I've always been in love with notebooks. When I was younger it was hardcover notebooks in which I would write ENTIRE NOVELS, by hand, often in pencil. Later, especially when I graduated to the computer as a primary writing tool, they became smaller things I toted around in various purses and in which I scribbled quotes, ideas and half-finished poetry.
Some were set aside as dedicated "research journals" for particular projects, and are filled with scrawled notes culled from various research books read along the way, thoughts and ideas on applying facts discovered during research. As it got closer to the writing something, these notebooks often blossomed into colorful and chaotic proliferation of multi-hued Post-it tabs which guided me as to which bits belong in which chapter or section of the actual story I was trying to write.
I currently have a stash of these notebooks, bound in interesting textured covers, sitting in a small pile on a side table and waiting for their turn at glory. They don't know yet what they are going to be, what they are going to build.

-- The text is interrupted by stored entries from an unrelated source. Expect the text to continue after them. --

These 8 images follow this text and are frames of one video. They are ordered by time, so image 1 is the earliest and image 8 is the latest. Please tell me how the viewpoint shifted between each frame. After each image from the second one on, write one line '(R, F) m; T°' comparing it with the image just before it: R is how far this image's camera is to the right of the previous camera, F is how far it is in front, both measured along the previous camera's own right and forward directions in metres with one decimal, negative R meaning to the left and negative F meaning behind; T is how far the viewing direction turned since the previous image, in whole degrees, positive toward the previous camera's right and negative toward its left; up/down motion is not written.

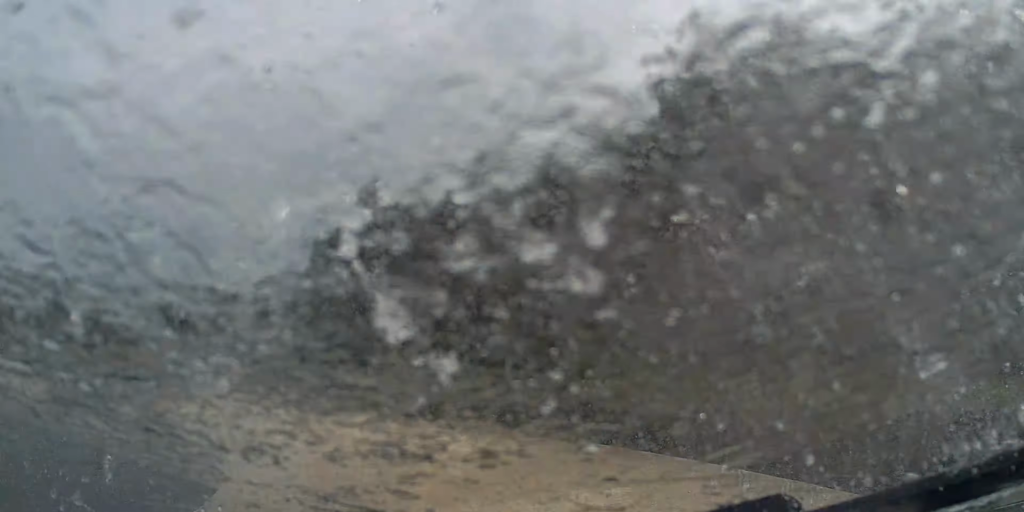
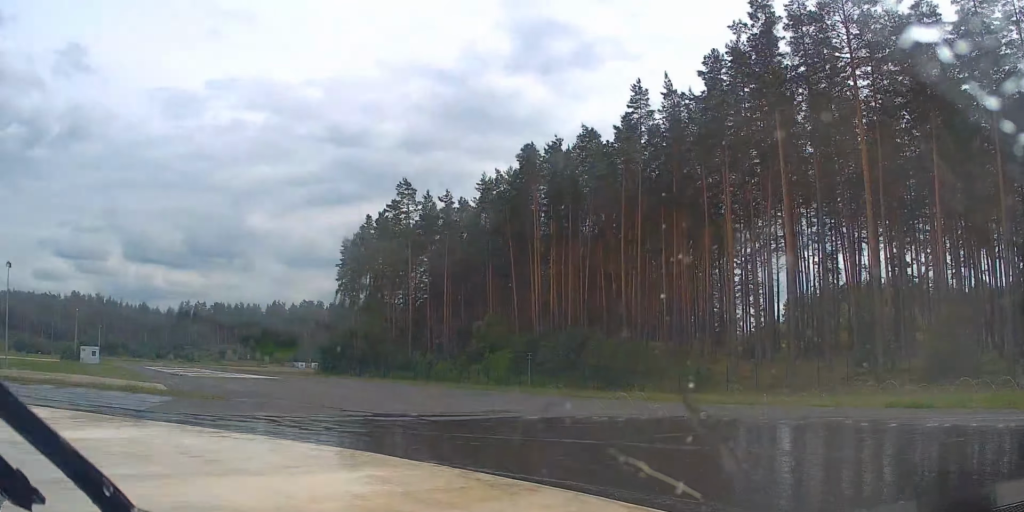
(-0.2, +7.2) m; -6°
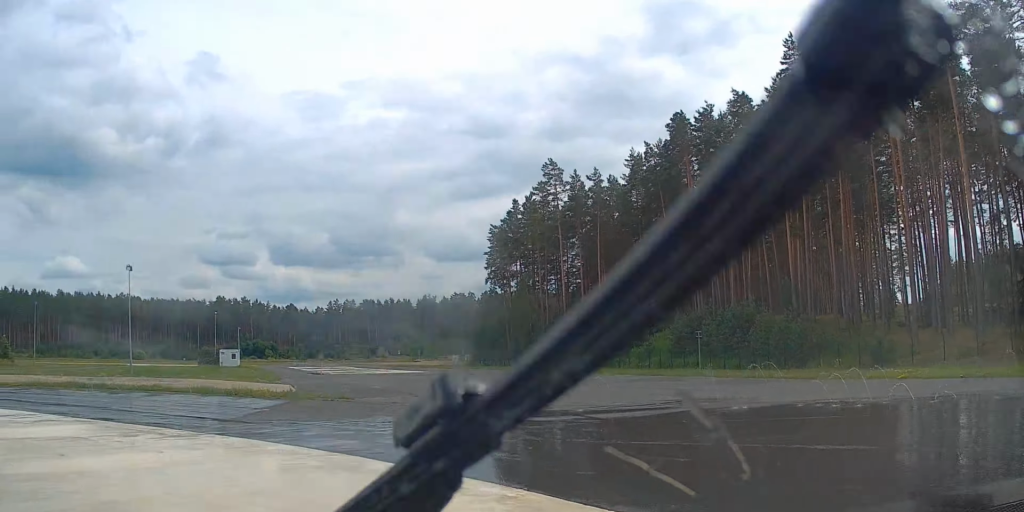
(-0.3, +4.6) m; -12°
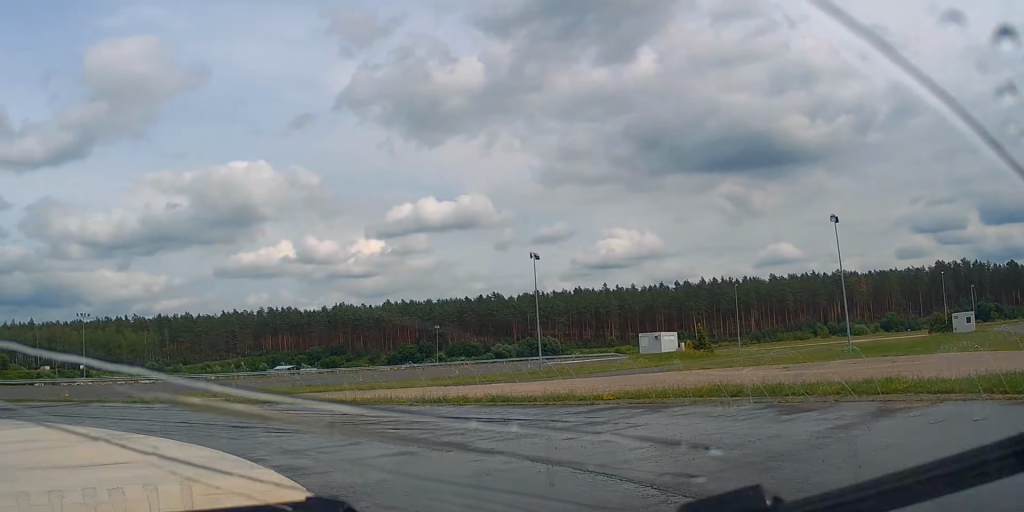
(-7.1, +12.1) m; -63°
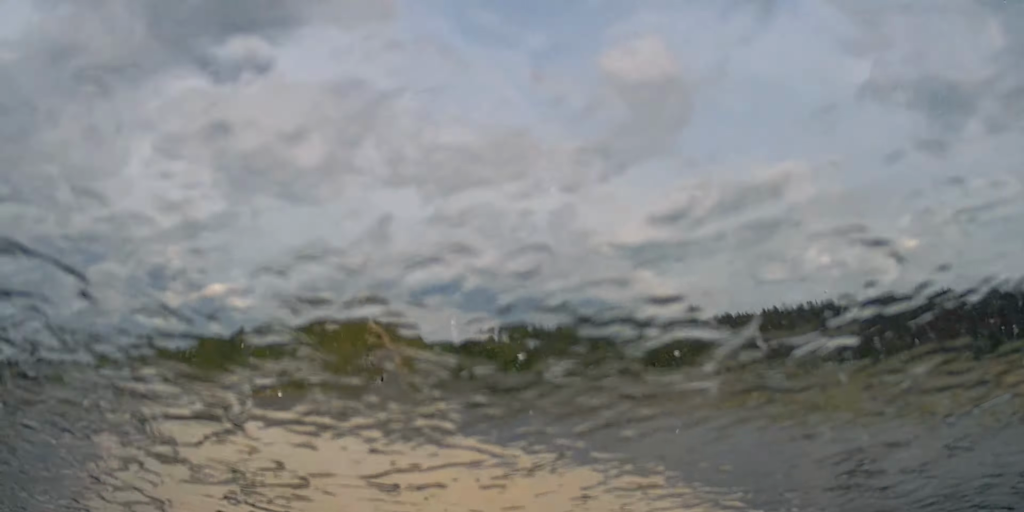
(-2.3, +9.5) m; -21°
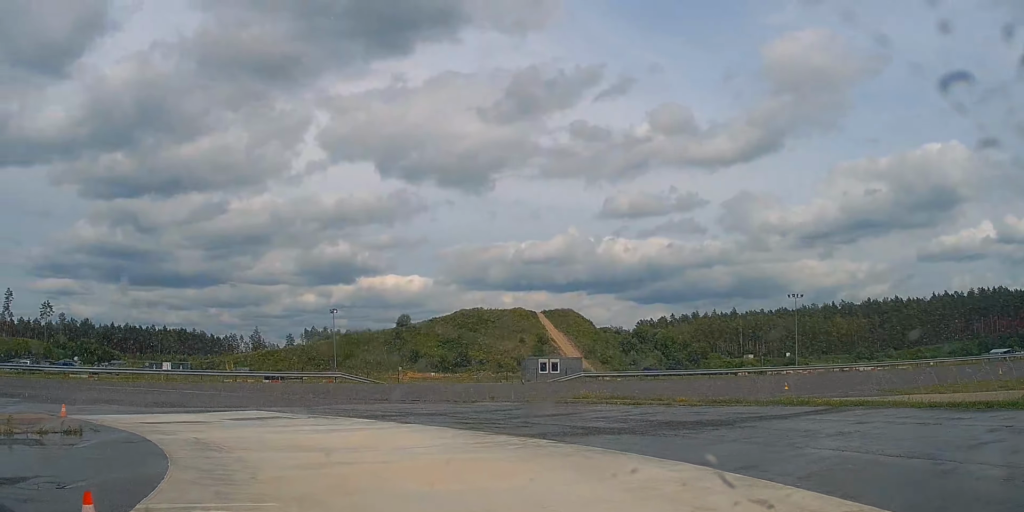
(-0.1, +5.2) m; -9°
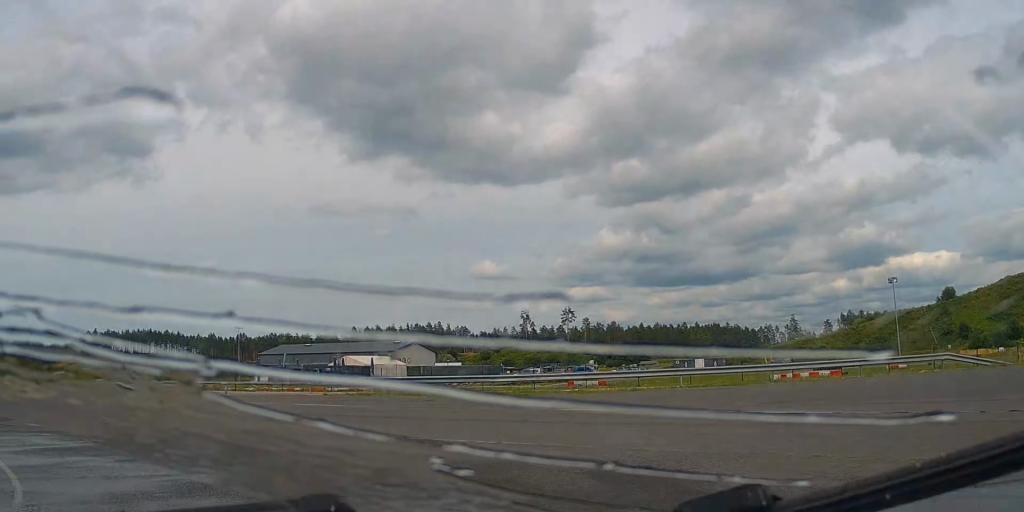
(-7.4, +17.9) m; -50°
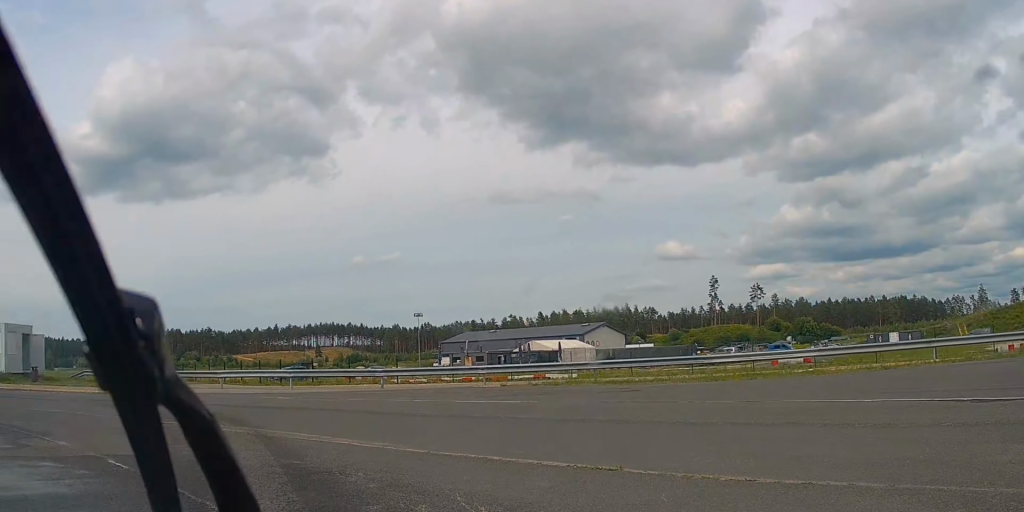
(-1.4, +6.7) m; -16°

In a sense, this defines a writer. Scratch through a writer's pockets or bags and you'll always find these things, full of chicken scratches of half formed and barely coherent ideas, sometimes in shorthand which even the writer is hard-pressed to recognize a week or a month or a year after they had scritched it down for remembrance. If not a notebook, you'll find old envelopes with scribbles on the back, napkins from fast-food restaurants, sale slips from stores which went out of business six months before but whose ghosts haunt the bottom of someone's handbag because the back of of them contain the first inklings of a deathless idea.
I take my notebooks everywhere. I take them traveling and write down the things I see and hear and experience and taste. I write down the things that leave me gaping in awe and the things that make me laugh and the things that make me annoyed. I take them out to restaurants with friends, and scribble furtively in them when I happen to notice a strange character sitting at a table a little way away and am suddenly mugged by that person's life story (or my version of it, anyway) which I just have to jot down and preserve because some day I might need a character JUST LIKE THAT for a story not yet born. I leave them lying by my bed when I go to sleep at night because who knows what dreams may come and need to be nailed down in ink on paper before they vanish like the ephemera that they are.
Blank journals represent a restless, exciting state of possibility and of Things To Come. They tremble with the yet-unborn spirits of stories still to be told. They whisper out of that inviting emptiness calling to me to come and fulfill them, to help them find their destinies, and along the way, pursue my own.
They are physical links to that place that lies Between, where the stories live and fly.